[Stored records]
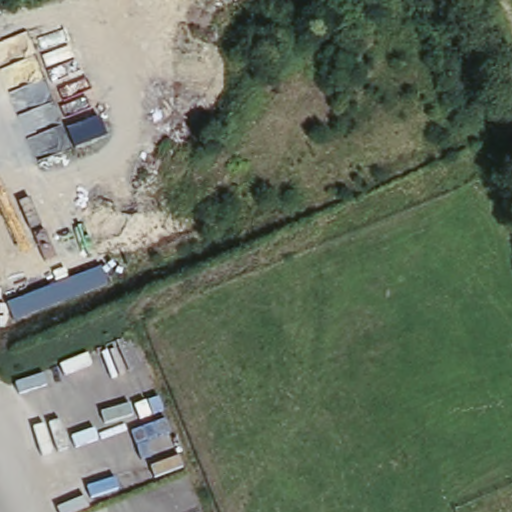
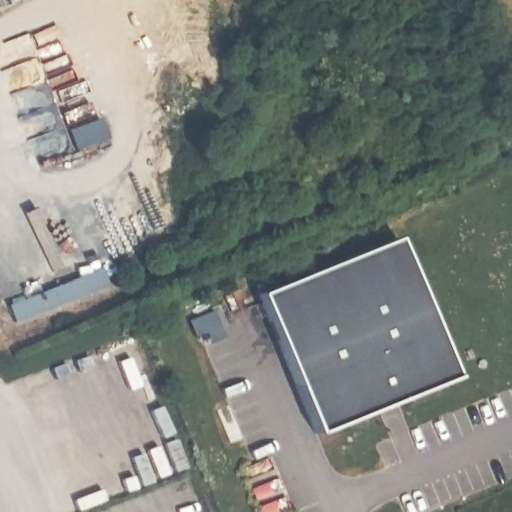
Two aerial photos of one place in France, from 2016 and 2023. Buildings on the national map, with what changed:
new [(395,237),(452,381),(304,437),(245,295),(395,237)]

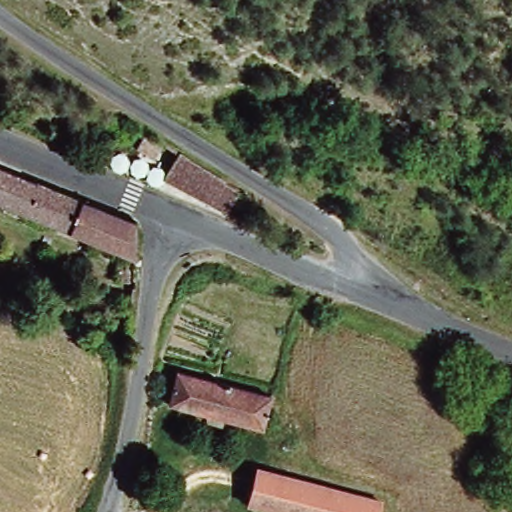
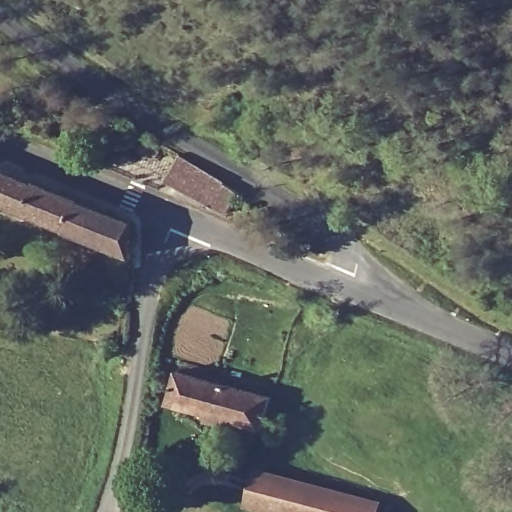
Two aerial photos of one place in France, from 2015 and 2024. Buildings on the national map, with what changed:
unchanged [(246,197),(236,216),(170,182),(183,157),(246,197)]
unchanged [(132,224),(132,260),(0,204),(0,171),(132,224)]
unchanged [(264,428),(173,404),(181,373),(272,398),(264,428)]
unchanged [(249,502),(258,469),(382,502),(379,512),(285,512),(249,502)]

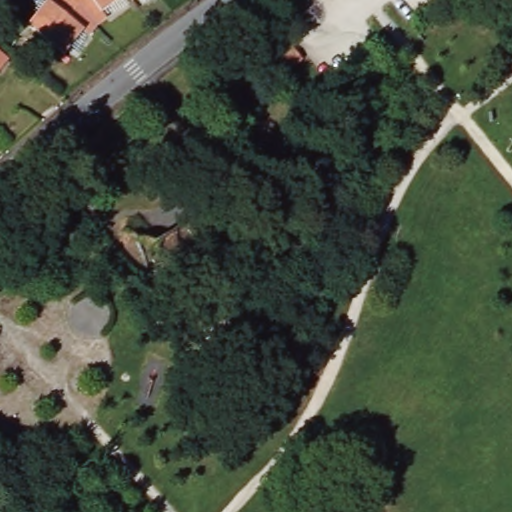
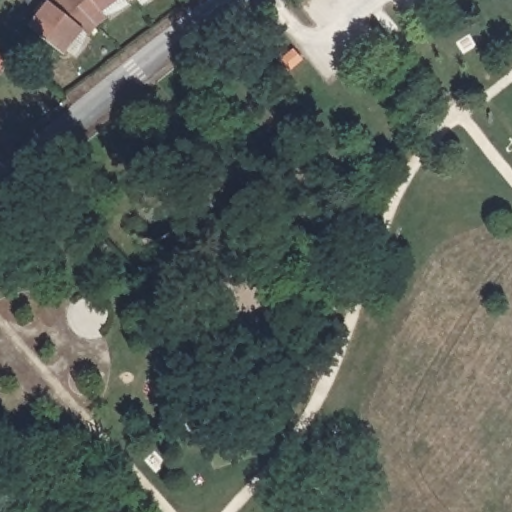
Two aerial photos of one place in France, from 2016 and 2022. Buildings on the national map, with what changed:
unchanged [(94,13),(98,20),(88,28),(80,36),(75,31),(56,49),(52,53),(20,20),(39,0),(113,0),(94,13)]
unchanged [(0,64),(0,44),(10,51),(0,64)]

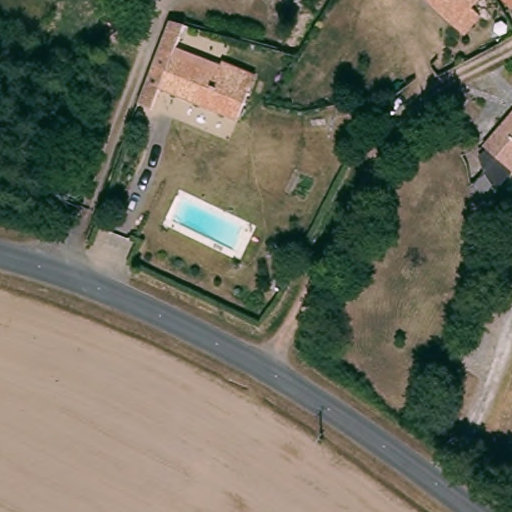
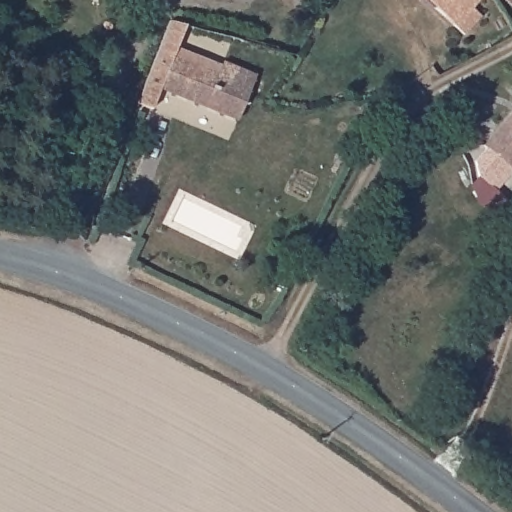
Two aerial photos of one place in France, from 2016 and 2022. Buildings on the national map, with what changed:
unchanged [(477,9),(485,19),(466,39),(429,0),(485,0),(477,9)]
unchanged [(512,7),(505,0),(512,0),(512,7)]
unchanged [(172,58),(220,74),(224,60),(259,71),(255,84),(243,123),(167,97),(159,94),(172,58)]
unchanged [(512,115),(512,172),(485,143),(512,115)]

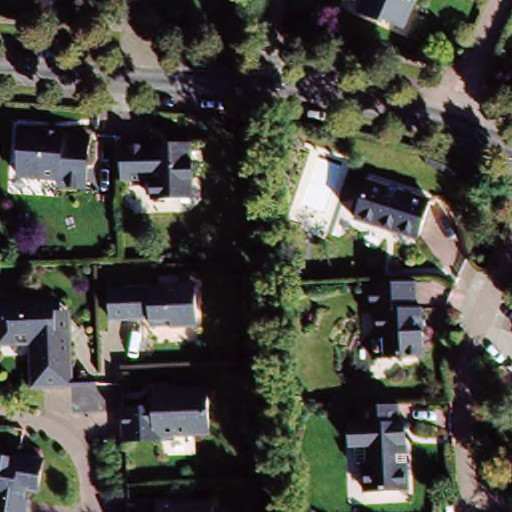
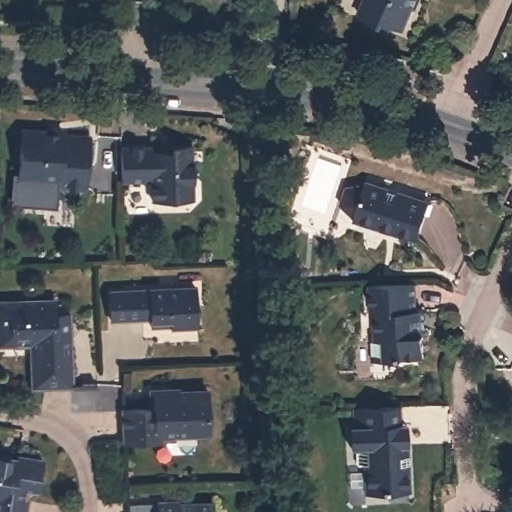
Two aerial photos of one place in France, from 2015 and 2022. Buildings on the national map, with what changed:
unchanged [(399,27),(386,22),(385,24),(358,13),(364,0),(418,0),(412,13),(405,29),(399,27)]
unchanged [(66,138),(91,140),(87,193),(58,191),(59,185),(18,182),(22,130),(49,132),(50,129),(66,130),(66,134),(66,138)]
unchanged [(118,144),(147,143),(149,148),(170,148),(170,143),(192,143),(193,199),(150,199),(148,181),(119,181),(118,144)]
unchanged [(432,201),(418,242),(354,222),(356,216),(341,206),(347,185),(366,185),(368,180),(432,201)]
unchanged [(390,282),(415,280),(415,308),(420,308),(420,313),(421,331),(422,356),(370,359),(368,334),(370,334),(369,310),(367,310),(366,283),(390,282)]
unchanged [(194,290),(195,328),(147,330),(147,321),(139,321),(105,322),(105,292),(194,290)]
unchanged [(0,343),(0,302),(49,299),(51,316),(64,315),(65,341),(66,387),(28,388),(26,342),(0,343)]
unchanged [(202,393),(205,437),(157,440),(157,445),(118,447),(116,412),(143,410),(142,396),(152,396),(161,395),(202,393)]
unchanged [(400,408),(400,424),(404,424),(405,444),(407,492),(361,495),(359,467),(352,468),(352,450),(347,451),(345,430),(350,429),(348,410),(400,408)]
unchanged [(7,461),(15,463),(16,457),(43,462),(37,496),(27,494),(26,501),(28,501),(26,512),(0,512),(0,459),(8,460),(7,461)]
unchanged [(176,506),(210,504),(211,512),(154,512),(154,507),(164,506),(176,506)]

What the exercise asks:
Give the entries again without a single change, but with no pictures.

Response area:
Two aerial photos of one place in France, from 2016 and 2023. Buildings on the national map, with what changed:
new [(395,237),(452,381),(304,437),(245,295),(395,237)]

Two aerial photos of one place in France, from 2015 and 2024. Buildings on the national map, with what changed:
unchanged [(246,197),(236,216),(170,182),(183,157),(246,197)]
unchanged [(132,224),(132,260),(0,204),(0,171),(132,224)]
unchanged [(264,428),(173,404),(181,373),(272,398),(264,428)]
unchanged [(249,502),(258,469),(382,502),(379,512),(285,512),(249,502)]

Two aerial photos of one place in France, from 2016 and 2022. Buildings on the national map, with what changed:
unchanged [(94,13),(98,20),(88,28),(80,36),(75,31),(56,49),(52,53),(20,20),(39,0),(113,0),(94,13)]
unchanged [(0,64),(0,44),(10,51),(0,64)]

Two aerial photos of one place in France, from 2016 and 2022. Buildings on the national map, with what changed:
unchanged [(477,9),(485,19),(466,39),(429,0),(485,0),(477,9)]
unchanged [(512,7),(505,0),(512,0),(512,7)]
unchanged [(172,58),(220,74),(224,60),(259,71),(255,84),(243,123),(167,97),(159,94),(172,58)]
unchanged [(512,115),(512,172),(485,143),(512,115)]

Two aerial photos of one place in France, from 2015 and 2022. Buildings on the national map, with what changed:
unchanged [(399,27),(386,22),(385,24),(358,13),(364,0),(418,0),(412,13),(405,29),(399,27)]
unchanged [(66,138),(91,140),(87,193),(58,191),(59,185),(18,182),(22,130),(49,132),(50,129),(66,130),(66,134),(66,138)]
unchanged [(118,144),(147,143),(149,148),(170,148),(170,143),(192,143),(193,199),(150,199),(148,181),(119,181),(118,144)]
unchanged [(432,201),(418,242),(354,222),(356,216),(341,206),(347,185),(366,185),(368,180),(432,201)]
unchanged [(390,282),(415,280),(415,308),(420,308),(420,313),(421,331),(422,356),(370,359),(368,334),(370,334),(369,310),(367,310),(366,283),(390,282)]
unchanged [(194,290),(195,328),(147,330),(147,321),(139,321),(105,322),(105,292),(194,290)]
unchanged [(0,343),(0,302),(49,299),(51,316),(64,315),(65,341),(66,387),(28,388),(26,342),(0,343)]
unchanged [(202,393),(205,437),(157,440),(157,445),(118,447),(116,412),(143,410),(142,396),(152,396),(161,395),(202,393)]
unchanged [(400,408),(400,424),(404,424),(405,444),(407,492),(361,495),(359,467),(352,468),(352,450),(347,451),(345,430),(350,429),(348,410),(400,408)]
unchanged [(7,461),(15,463),(16,457),(43,462),(37,496),(27,494),(26,501),(28,501),(26,512),(0,512),(0,459),(8,460),(7,461)]
unchanged [(176,506),(210,504),(211,512),(154,512),(154,507),(164,506),(176,506)]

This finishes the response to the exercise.